Brumadinho: instituto criado por mãe em luto quer semear reconstrução

Foto: Rede sociais/Divulgação

Os dias não são mais pares e ímpares, nem vão de segunda a domingo. O que conta para Helena Taliberti é se hoje a tristeza profunda vai dar 24 horas de trégua para que se levante e vá em busca de um novo sentido para continuar a jornada. “Eu acho que viver essa tristeza, essa dor, ela tem que ser vivida conforme ela se apresenta mesmo. Tem dias que ela não é tanta, que você consegue olhar um pouco mais para cima. Então, vamos olhar para cima. Mas, no dia seguinte, você vai cair de novo e vai. Vai cair de novo”.

Helena estava passeando na Avenida Paulista enquanto seus dois filhos, a nora e o neto Lorenzo, ainda em gestação, estavam na pousada Nova Estância, em Brumadinho (MG), acompanhados pelo pai e a madrasta. Foram conhecer o Instituto Inhotim, o maior museu a céu aberto do mundo e sede de um dos mais importantes acervos de arte contemporânea do país.

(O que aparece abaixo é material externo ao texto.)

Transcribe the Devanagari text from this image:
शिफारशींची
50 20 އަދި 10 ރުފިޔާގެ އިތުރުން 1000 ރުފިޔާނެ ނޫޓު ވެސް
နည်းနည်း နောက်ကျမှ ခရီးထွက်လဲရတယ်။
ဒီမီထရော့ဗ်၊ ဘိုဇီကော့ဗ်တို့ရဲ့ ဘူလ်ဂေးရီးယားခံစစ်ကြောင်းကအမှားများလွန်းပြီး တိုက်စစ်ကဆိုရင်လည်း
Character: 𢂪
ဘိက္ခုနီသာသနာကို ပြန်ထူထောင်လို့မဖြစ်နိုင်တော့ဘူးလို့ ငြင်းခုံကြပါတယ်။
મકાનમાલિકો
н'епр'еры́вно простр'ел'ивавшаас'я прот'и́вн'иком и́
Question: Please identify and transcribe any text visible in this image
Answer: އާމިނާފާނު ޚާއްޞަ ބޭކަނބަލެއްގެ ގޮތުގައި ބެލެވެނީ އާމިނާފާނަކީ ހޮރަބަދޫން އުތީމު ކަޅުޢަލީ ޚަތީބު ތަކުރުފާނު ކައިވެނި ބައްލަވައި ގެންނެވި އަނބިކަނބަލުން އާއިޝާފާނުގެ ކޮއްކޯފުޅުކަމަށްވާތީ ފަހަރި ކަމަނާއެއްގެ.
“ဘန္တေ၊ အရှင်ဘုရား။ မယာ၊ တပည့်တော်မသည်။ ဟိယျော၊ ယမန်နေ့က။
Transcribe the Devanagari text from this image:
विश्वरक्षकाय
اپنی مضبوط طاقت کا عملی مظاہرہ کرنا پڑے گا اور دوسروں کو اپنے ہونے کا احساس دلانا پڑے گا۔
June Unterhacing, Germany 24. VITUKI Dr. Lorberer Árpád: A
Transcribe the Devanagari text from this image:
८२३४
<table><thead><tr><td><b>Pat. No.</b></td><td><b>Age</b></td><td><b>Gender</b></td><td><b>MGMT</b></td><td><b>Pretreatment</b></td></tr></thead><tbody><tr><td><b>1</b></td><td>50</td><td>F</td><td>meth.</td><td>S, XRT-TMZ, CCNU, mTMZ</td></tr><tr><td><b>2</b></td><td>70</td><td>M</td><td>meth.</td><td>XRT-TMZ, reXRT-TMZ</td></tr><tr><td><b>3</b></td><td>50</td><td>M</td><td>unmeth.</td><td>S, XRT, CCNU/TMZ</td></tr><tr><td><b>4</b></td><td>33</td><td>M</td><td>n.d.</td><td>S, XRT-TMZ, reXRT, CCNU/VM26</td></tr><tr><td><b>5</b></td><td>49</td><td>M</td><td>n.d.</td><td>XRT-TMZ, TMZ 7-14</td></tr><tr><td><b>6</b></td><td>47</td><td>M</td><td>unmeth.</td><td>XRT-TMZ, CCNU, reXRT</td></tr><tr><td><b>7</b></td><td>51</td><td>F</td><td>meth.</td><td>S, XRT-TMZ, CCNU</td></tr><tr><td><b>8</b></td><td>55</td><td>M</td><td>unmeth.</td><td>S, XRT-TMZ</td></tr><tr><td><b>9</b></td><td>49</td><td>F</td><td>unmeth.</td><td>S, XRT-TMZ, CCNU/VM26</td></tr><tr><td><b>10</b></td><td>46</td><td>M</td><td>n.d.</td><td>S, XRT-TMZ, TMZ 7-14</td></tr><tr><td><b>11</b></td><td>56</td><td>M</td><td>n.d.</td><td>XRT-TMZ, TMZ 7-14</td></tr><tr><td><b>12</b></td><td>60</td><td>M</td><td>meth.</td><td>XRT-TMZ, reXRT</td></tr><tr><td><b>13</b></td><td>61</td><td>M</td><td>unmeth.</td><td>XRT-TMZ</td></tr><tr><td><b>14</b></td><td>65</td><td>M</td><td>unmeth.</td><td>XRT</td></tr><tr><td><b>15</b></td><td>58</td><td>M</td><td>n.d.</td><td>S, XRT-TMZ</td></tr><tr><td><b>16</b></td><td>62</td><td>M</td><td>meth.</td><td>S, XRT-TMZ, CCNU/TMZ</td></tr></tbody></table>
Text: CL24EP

“Eu fico imaginando quem viu e foi soterrado. O que pensou quando viu? Uma coisa é você estar no mar e vem uma onda grande. Você tapa o nariz e se enfia dentro da água, né? Ai, a onda passa e você sai de novo.”

Os rejeitos de minérios, hoje se sabe, a partir do trabalho de especialistas em geotecnia contratados pela Vale, inundaram as imediações da cidade com a violência de uma catástrofe. Durante 40 anos, a Barragem B1, no córrego do Feijão, acumulou doze milhões de metros cúbicos (m³) de rejeito de minério de ferro. Em cinco minutos, 10 milhões de m³ vazaram da estrutura, a uma velocidade de 80 quilômetros (km) por hora. Foi uma onda gigante, como diz Helena, arrastando o que viu pela frente.

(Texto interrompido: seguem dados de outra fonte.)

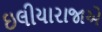
ઇલીયારાજાએ
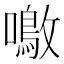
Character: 𫬚
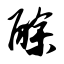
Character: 酴
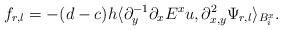
LaTeX: \begin{align*} f_{r,l}=-(d-c)h\langle\partial_y^{-1}\partial_xE^xu, \partial^2_{x,y}\Psi_{r,l}\rangle_{B_i^x}.\end{align*}
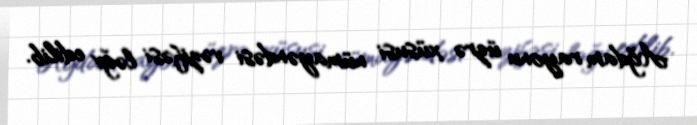
Ağdam rayonu üzrə xüsusi nümayəndəsi vəzifəsi ləğv edilib.
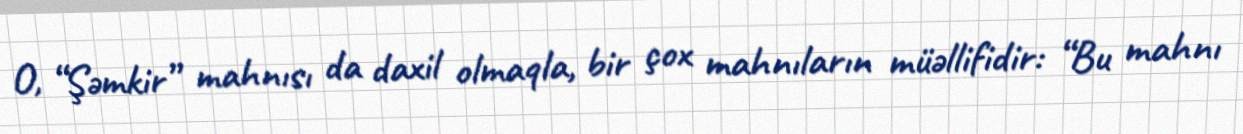
O, “Şəmkir” mahnısı da daxil olmaqla, bir çox mahnıların müəllifidir: “Bu mahnı
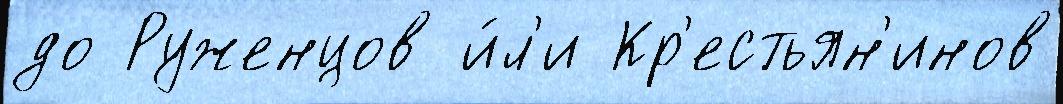
до Руженцов и́л'и Кр'естьян'инов
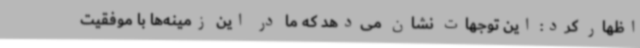
اظهار کرد: این توجهات نشان می‌دهد که ما در این زمینه‌ها با موفقیت
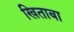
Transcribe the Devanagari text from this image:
खिताबा
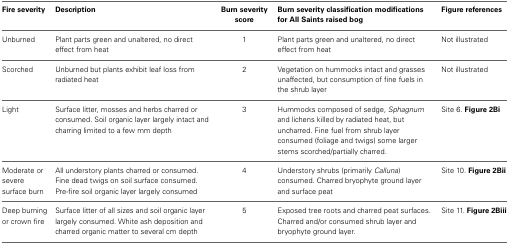
<table><thead><tr><td><b>Fire severity</b></td><td><b>Description</b></td><td><b>Burn severity score</b></td><td><b>Burn severity classification modifications for All Saints raised bog</b></td><td><b>Figure references</b></td></tr></thead><tbody><tr><td>Unburned</td><td>Plant parts green and unaltered, no direct effect from heat</td><td>1</td><td>Plant parts green and unaltered, no direct effect from heat</td><td>Not illustrated</td></tr><tr><td>Scorched</td><td>Unburned but plants exhibit leaf loss from radiated heat</td><td>2</td><td>Vegetation on hummocks intact and grasses unaffected, but consumption of fine fuels in the shrub layer</td><td>Not illustrated</td></tr><tr><td>Light</td><td>Surface litter, mosses and herbs charred or consumed. Soil organic layer largely intact and charring limited to a few mm depth</td><td>3</td><td>Hummocks composed of sedge, <i>Sphagnum</i> and lichens killed by radiated heat, but uncharred. Fine fuel from shrub layer consumed (foliage and twigs) some larger stems scorched/partially charred.</td><td>Site 6. <b>Figure 2Bi</b></td></tr><tr><td>Moderate or severe surface burn</td><td>All understory plants charred or consumed. Fine dead twigs on soil surface consumed. Pre-fire soil organic layer largely consumed</td><td>4</td><td>Understory shrubs (primarily <i>Calluna</i>) consumed. Charred bryophyte ground layer and surface peat</td><td>Site 10. <b>Figure 2Bii</b></td></tr><tr><td>Deep burning or crown fire</td><td>Surface litter of all sizes and soil organic layer largely consumed. White ash deposition and charred organic matter to several cm depth</td><td>5</td><td>Exposed tree roots and charred peat surfaces. Charred and/or consumed shrub layer and bryophyte ground layer.</td><td>Site 11. <b>Figure 2Biii</b></td></tr></tbody></table>

Camila tinha 31 anos, era filósofa e advogada especializada em direito digital, além de dar assistência jurídica gratuita a mulheres vulneráveis, como as vítimas de violência doméstica. Luiz 29 anos, era surfista e arquiteto. Tinha acabado de ser nomeado diretor na empresa em que trabalhava, na Austrália. A nora, Fernanda, estava no quinto mês de gestação.

Foto: Agência Brasil/Divulgação

Helena encerra as frases com pausas longas. Há lacunas que as palavras não conseguem preencher. O vazio também não. Mas seis meses depois da tragédia, no dia 25 de julho do ano passado, surgiu o Instituto Camila e Luiz Taliberti. Uma ideia dos amigos para a formação de um acervo digital que incorpore as lutas em defesa dos direitos humanos e do meio ambiente.

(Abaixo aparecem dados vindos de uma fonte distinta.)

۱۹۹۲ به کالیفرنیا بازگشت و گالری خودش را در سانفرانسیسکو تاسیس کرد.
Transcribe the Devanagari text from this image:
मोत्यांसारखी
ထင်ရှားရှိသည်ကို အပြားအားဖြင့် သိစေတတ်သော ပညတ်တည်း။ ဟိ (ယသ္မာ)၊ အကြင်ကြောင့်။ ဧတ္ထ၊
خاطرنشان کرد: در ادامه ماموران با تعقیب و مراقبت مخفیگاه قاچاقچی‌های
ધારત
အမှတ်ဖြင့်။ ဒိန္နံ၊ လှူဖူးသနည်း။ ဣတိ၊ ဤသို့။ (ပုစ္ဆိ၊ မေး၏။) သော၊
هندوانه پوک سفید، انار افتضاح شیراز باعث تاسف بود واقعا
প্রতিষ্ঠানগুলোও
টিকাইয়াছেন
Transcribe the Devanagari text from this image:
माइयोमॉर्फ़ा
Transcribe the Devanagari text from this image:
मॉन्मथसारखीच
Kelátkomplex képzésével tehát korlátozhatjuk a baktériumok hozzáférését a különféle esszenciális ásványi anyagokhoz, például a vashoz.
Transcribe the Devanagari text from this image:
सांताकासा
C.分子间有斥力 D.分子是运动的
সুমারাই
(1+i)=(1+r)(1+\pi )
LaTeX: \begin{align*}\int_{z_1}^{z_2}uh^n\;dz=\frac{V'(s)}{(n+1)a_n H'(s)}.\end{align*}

“O Instituto não tem uma atuação assistencialista. Ele é um Instituto para dar voz. Muito mais voz daquilo que está acontecendo de fato. Mas não com uma conotação de denunciar para alguma coisa negativa. Não é isso. É dizer o que está acontecendo para achar soluções. Não é a denúncia pela denúncia. É o contar, o falar para solucionar, para mudar uma realidade. Não é para ficar no negativo. Não.” Mais adiante, empolgada pela fé no ser humano, Helena diz: “Eu acho que essa geração tem muita sede de mudança.”

“Seremos sim um acervo digital. O mais completo que a gente puder ser,” diz Helena. Desde que foi fundado, o Instituto tem recebido apoio intelectual de artistas, cineastas, jornalistas, engenheiros, sociedade civil. E quer promover debates, apoiar pesquisas, projetos que tenham a preservação do meio ambiente e empoderamento de grupos ligados aos direitos humanos.

Vestida com a roupa que era de Camila Taliberti, Helena reconhece no Instituto a feição dos filhos. “Tá nisso o trabalho que ela [Camila] fazia voluntário. Tá nisso essa questão da generosidade e o Luiz é essa questão do que passou é passado, do vamos mudar daqui para frente. Vamos olhar porque se a gente fica presa no passado, a gente não olha para frente. A gente fica lá. Você não é o agente de mudança. Pelo contrário, é uma âncora no negativo. Eu acho que juntar a generosidade com o perdão, e as questões do meio ambiente é exatamente ver onde é que esse meio ambiente está sendo machucado. Não existem mais dois lados. O nós contra eles não me leva a nada, concorda? Mais do que isso. Eu sei bem quem eu sou. Eu posso ser um nós com eles nessa questão. Vamos ver o que se faz, como é que a gente pode melhorar? Esse é o nós com eles. É o ver com o que tá acontecendo e ver como podemos fazer. E o nós e eles é de fato a ação. Vamos fazer de alguma forma. E eu não sei qual é essa forma. O Instituto está aí para isso“.

O rompimento da Barragem do Córrego do Feijão deixou 272 mortos – 259 corpos foram encontrados e os dois bebês que eram gestados estão nessa conta – o neto de Helena, Lorenzo e Maria Elisa é um deles. Onze pessoas permanecem dentro da lama de rejeitos.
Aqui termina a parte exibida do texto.